TASK TO CARRY OUT ::
When you give the entries again, keep every word as it stands and drop the pictures.

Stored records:

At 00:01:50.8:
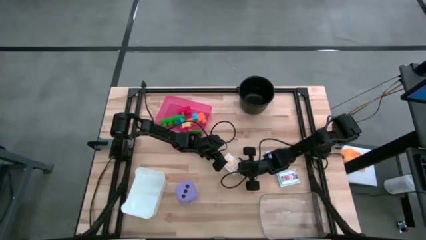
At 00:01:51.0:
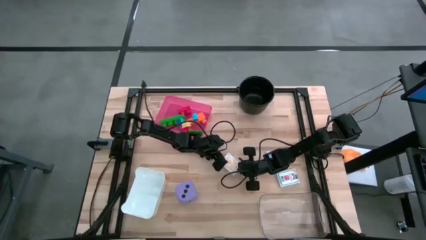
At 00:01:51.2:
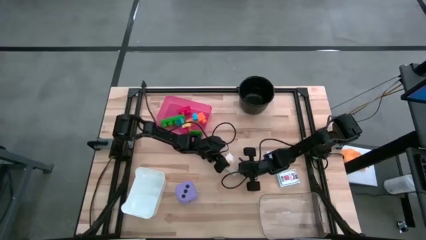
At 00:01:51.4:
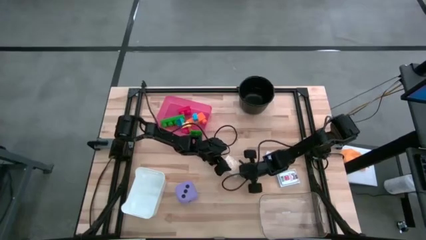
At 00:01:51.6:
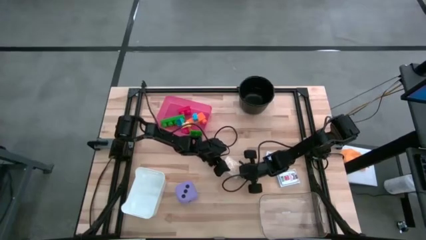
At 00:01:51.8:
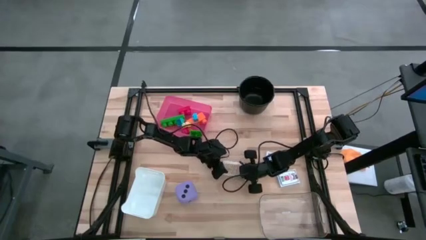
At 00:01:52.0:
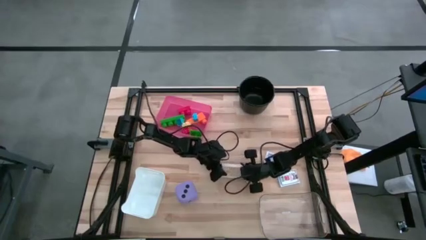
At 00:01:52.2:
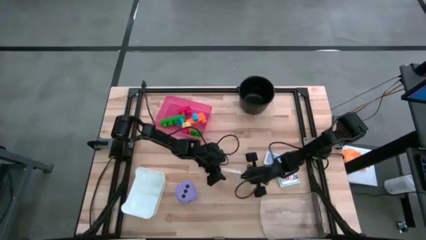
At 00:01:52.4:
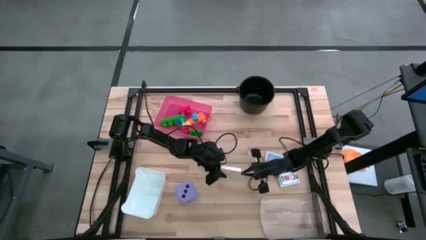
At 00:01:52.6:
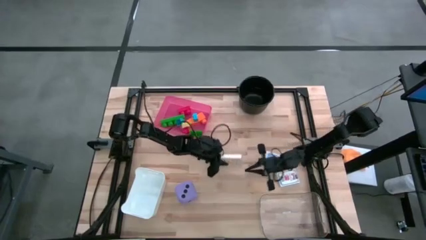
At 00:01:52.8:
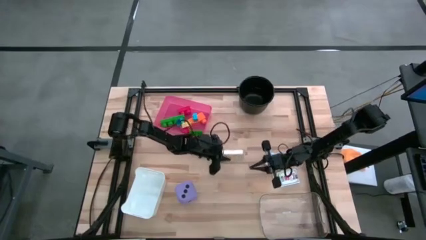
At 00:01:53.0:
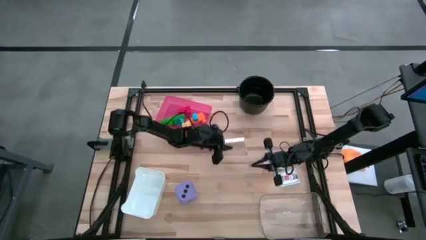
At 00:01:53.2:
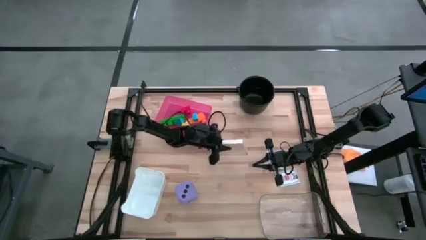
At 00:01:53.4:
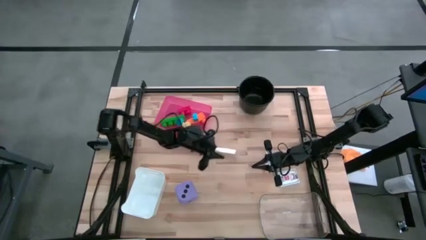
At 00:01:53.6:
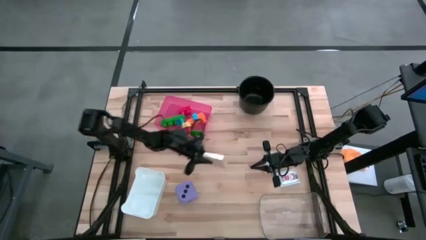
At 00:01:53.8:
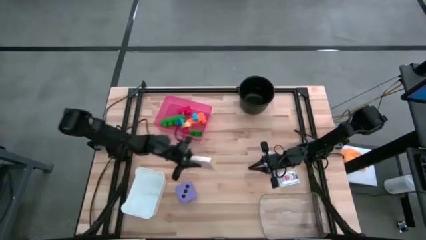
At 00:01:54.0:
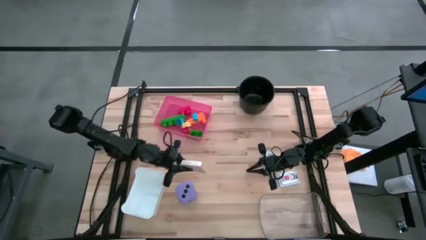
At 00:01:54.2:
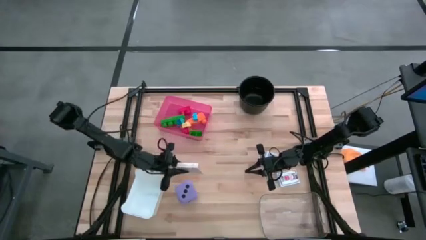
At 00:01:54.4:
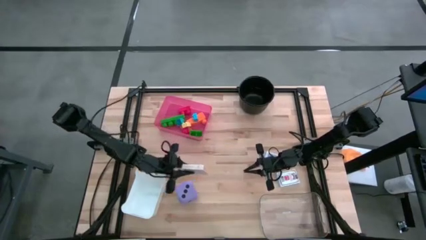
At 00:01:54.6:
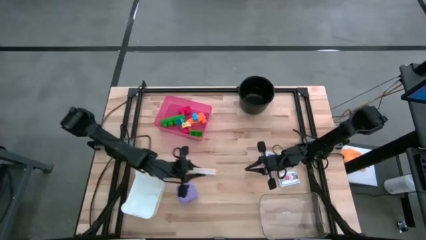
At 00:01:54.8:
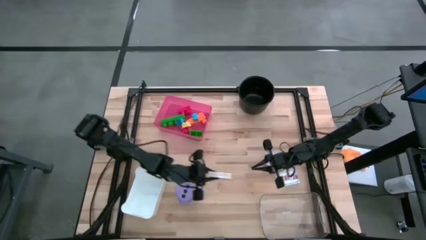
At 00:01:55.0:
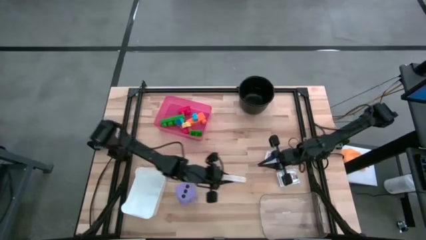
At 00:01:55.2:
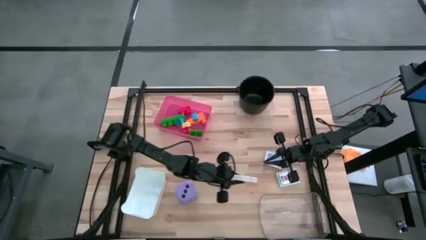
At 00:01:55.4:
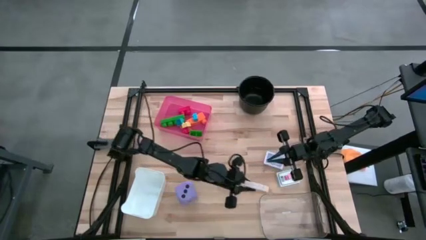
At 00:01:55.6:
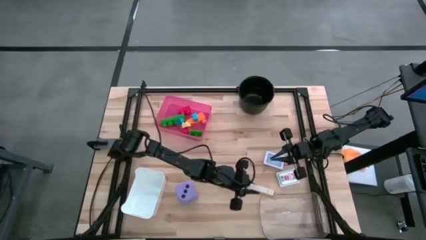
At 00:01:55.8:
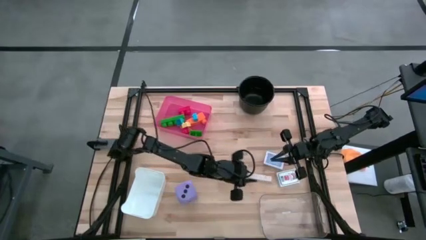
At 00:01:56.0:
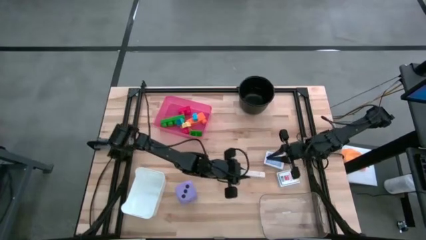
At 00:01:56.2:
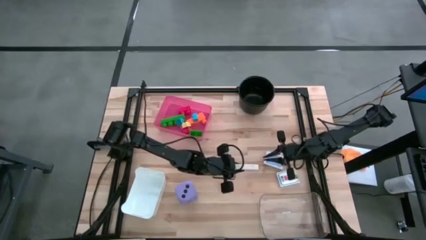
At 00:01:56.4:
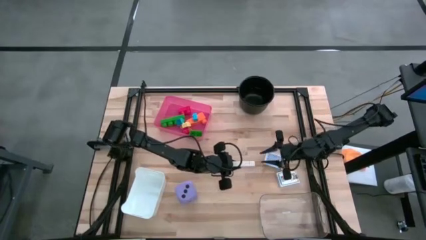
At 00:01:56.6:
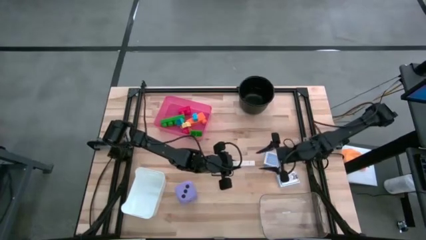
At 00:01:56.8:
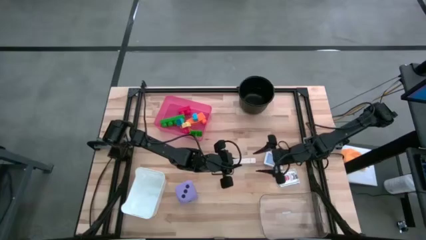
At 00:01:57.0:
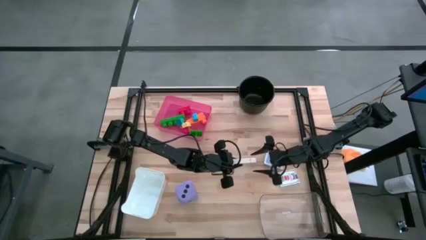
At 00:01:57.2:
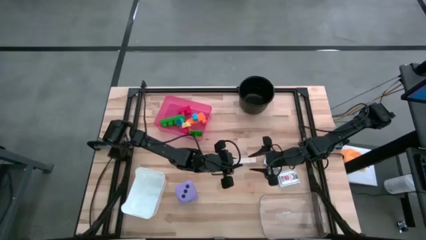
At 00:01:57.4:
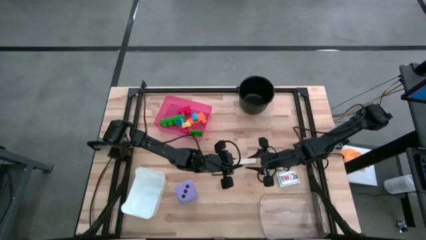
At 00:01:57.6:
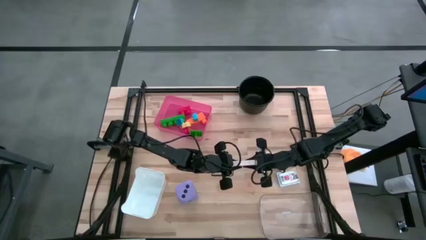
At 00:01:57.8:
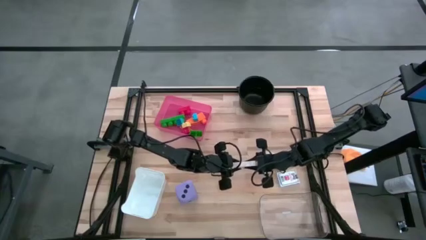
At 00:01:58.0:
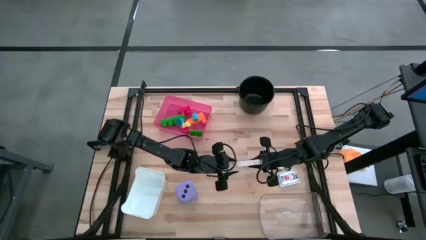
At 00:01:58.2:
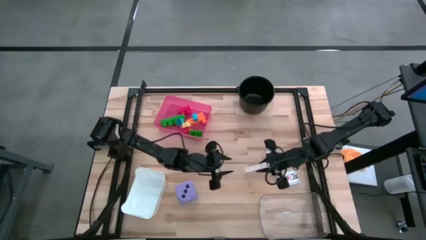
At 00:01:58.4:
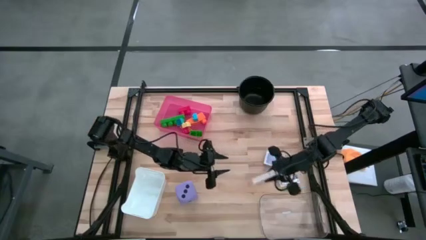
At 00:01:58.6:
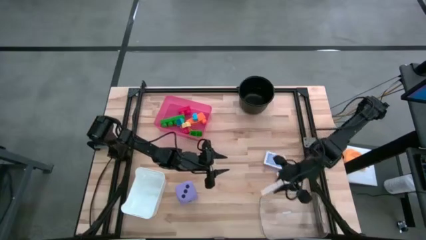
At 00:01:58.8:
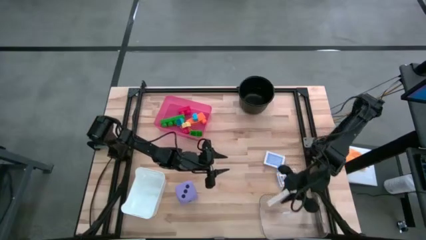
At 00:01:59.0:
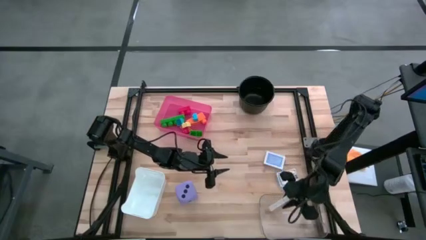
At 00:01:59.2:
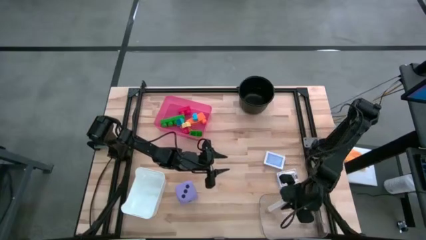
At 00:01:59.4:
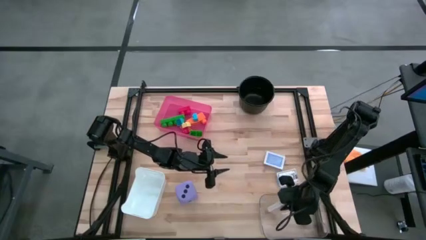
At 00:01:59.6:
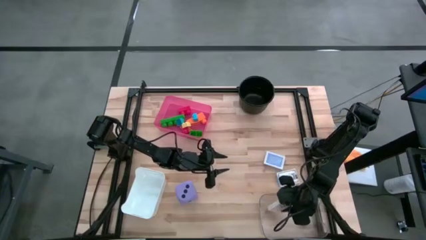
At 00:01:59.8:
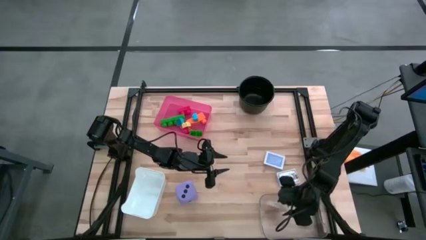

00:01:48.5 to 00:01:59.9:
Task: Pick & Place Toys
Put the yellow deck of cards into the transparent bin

REPLY TO THE TASK ::
At 00:01:50.8:
At 00:01:51.0:
At 00:01:51.2:
At 00:01:51.4:
At 00:01:51.6:
At 00:01:51.8:
At 00:01:52.0:
At 00:01:52.2:
At 00:01:52.4:
At 00:01:52.6:
At 00:01:52.8:
At 00:01:53.0:
At 00:01:53.2:
At 00:01:53.4:
At 00:01:53.6:
At 00:01:53.8:
At 00:01:54.0:
At 00:01:54.2:
At 00:01:54.4:
At 00:01:54.6:
At 00:01:54.8:
At 00:01:55.0:
At 00:01:55.2:
At 00:01:55.4:
At 00:01:55.6:
At 00:01:55.8:
At 00:01:56.0:
At 00:01:56.2:
At 00:01:56.4:
At 00:01:56.6:
At 00:01:56.8:
At 00:01:57.0:
At 00:01:57.2:
At 00:01:57.4:
At 00:01:57.6:
At 00:01:57.8:
At 00:01:58.0:
At 00:01:58.2:
At 00:01:58.4:
At 00:01:58.6:
At 00:01:58.8:
At 00:01:59.0:
At 00:01:59.2:
At 00:01:59.4:
At 00:01:59.6:
At 00:01:59.8:

00:01:48.5 to 00:01:59.9:
Task: Pick & Place Toys
Put the yellow deck of cards into the transparent bin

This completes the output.